Another challenge I faced with Isolation Forest was the interpretability of the results. Understanding why certain points were flagged as outliers was not always clear, as the algorithm provides limited information into its decision-making process. This lack of transparency in the anomaly scores made it necessary to consider additional validation steps to ensure accurate handling of flagged points.

**Imputation**

In this analysis, I used two main methods for imputation, which are Nearest Neighbors (KNN) imputation and Multiple Imputation by Chained Equations (MICE). Reflecting on both methods, each presented their own unique pros and cons.


**K-Nearest Neighbors (KNN) Imputation**

KNN imputation fills missing values by considering the values of the nearest neighbors based on feature similarity.

**Pros**
- Simplicity and Intuitiveness:
  - KNN is based on the assumption that similar data points are likely to share similar values in missing fields, making it an intuitive choice. This approach worked well in the `houses_corrupted` dataset, where features like `median_income` and `population` often reflect neighborhood-based similarities.
- Ease of Implementation:
  - KNN has a straightforward setup, allowing it to be applied quickly for basic imputation needs without requiring complex configurations. Additionally, there are many online tutorials available that demonstrate how to implement this method, making it accessible for a wide range of users.

**Cons**
- Dependency on Tuning Parameter (`n_neighbors`):
  - The accuracy of KNN imputation depends on the number of neighbors chosen, or the "K" parameter. Imputed values vary based on this choice, which requires testing and fine-tuning to determine the optimal setting.

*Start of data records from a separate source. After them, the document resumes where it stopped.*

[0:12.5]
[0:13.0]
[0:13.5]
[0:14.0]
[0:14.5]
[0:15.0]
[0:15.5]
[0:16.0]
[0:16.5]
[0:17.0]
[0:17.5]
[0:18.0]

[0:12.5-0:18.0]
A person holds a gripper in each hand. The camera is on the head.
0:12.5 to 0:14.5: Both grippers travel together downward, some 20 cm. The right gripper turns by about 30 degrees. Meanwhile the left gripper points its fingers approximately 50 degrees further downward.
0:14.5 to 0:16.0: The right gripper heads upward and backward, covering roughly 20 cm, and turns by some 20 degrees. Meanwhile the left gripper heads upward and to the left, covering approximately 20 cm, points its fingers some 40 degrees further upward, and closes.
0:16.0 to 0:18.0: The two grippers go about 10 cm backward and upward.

**Multiple Imputation by Chained Equations (MICE) Imputation**

MICE imputes missing values through iterative modeling, treating each variable as a target in a regression model based on other features.

**Pros**
- Better Preservation of Feature Relationships:
  - MICE provided a slight performance edge over KNN, indicating it may have better preserved the relationships between features. This was evident when comparing the model’s performance on the MICE-imputed data with the original data, as MICE showed slightly improved accuracy.
- Reduces Bias:
  - By iteratively modeling and filling missing values, MICE tends to reduce bias, providing more accurate imputations compared to simpler methods (e.g., mean or median imputation).
- Faster Processing Time than KNN:
  - In this dataset, MICE demonstrated faster processing than KNN, likely due to its iterative modeling approach, which avoids extensive pairwise distance calculations.

**Cons**
- Limited Interpretability:
  - MICE can lack transparency since it iteratively imputes based on regression models across features. Unlike KNN, which simply fills based on neighboring values, MICE’s complex imputation process may make it harder to trace how each missing value was imputed.

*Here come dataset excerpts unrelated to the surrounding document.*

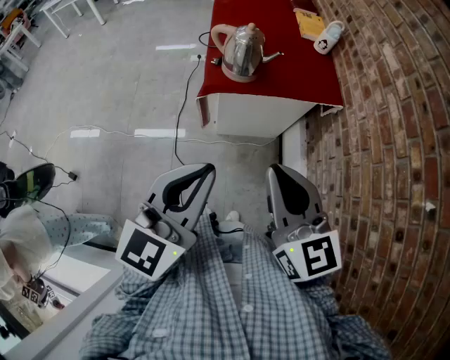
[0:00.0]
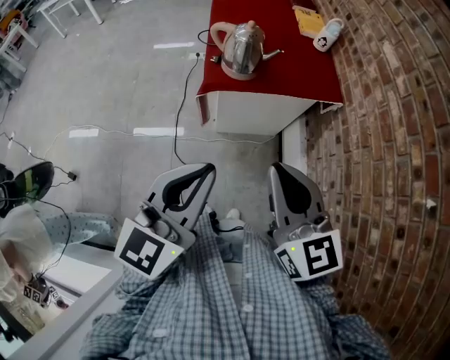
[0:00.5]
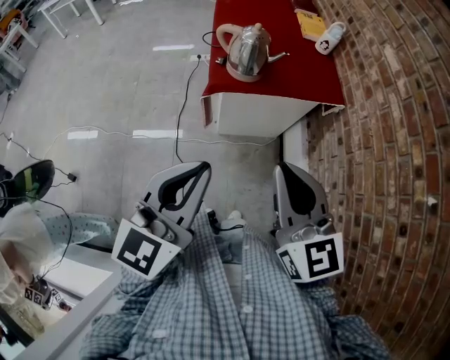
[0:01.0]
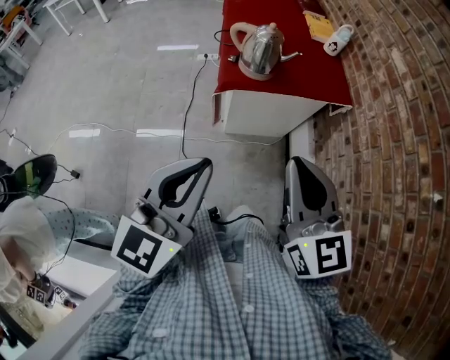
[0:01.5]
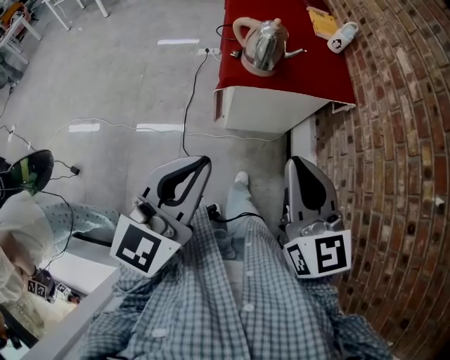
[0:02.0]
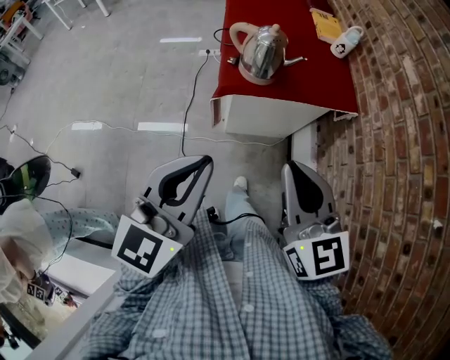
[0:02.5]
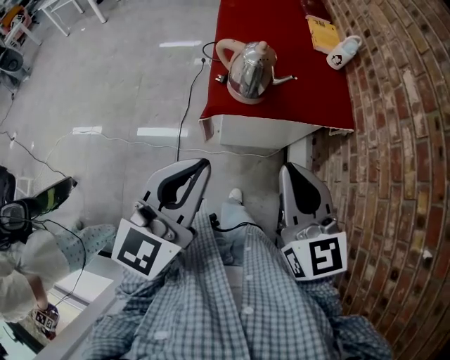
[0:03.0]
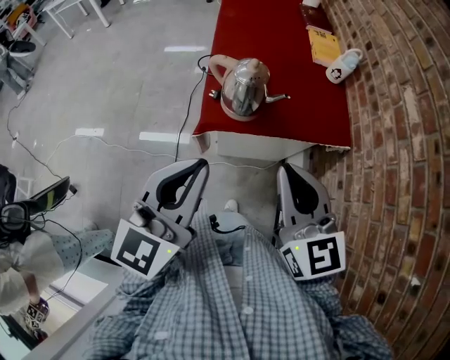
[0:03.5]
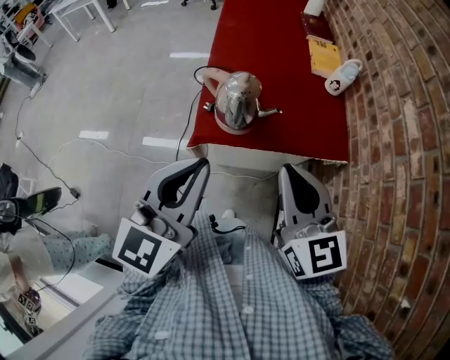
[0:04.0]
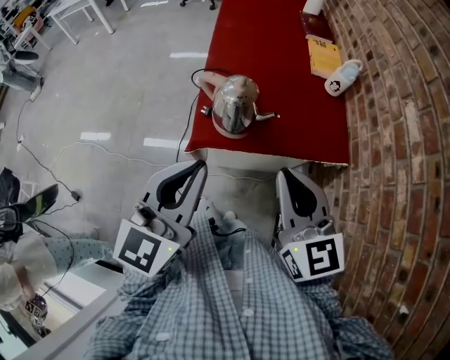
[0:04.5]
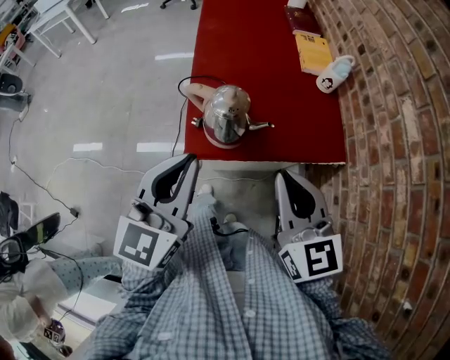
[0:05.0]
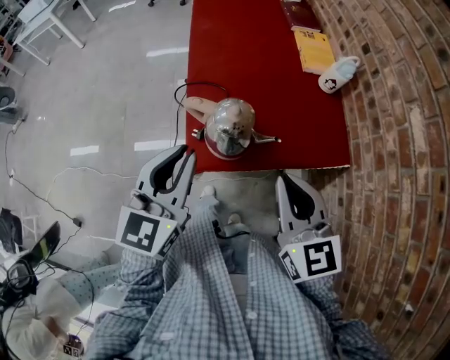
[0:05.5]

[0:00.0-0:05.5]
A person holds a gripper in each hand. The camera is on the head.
0:00.0 to 0:02.0: The left gripper heads to the left, covering approximately 10 cm.
0:02.0 to 0:03.5: Both grippers travel together forward, roughly 20 cm.
0:03.5 to 0:05.5: Both grippers travel together forward, roughly 15 cm.

**Challenges in Imputation Implementation**

One challenge I faced when implementing both imputation methods was fully understanding how each approach works. Despite researching KNN and MICE, I still found some aspects of their processes confusing, which impacted my confidence in applying them correctly.

Another challenge was determining the `n_neighbors` value for KNN. I researched the parameter to understand its impact on imputation accuracy and decided to use the standard `n_neighbors = 5`. However, I also experimented with other values, each yielding different results. Choosing the optimal n_neighbors value was essential since too few or too many neighbors could reduce the accuracy of the imputed values, highlighting the importance of careful tuning in this method.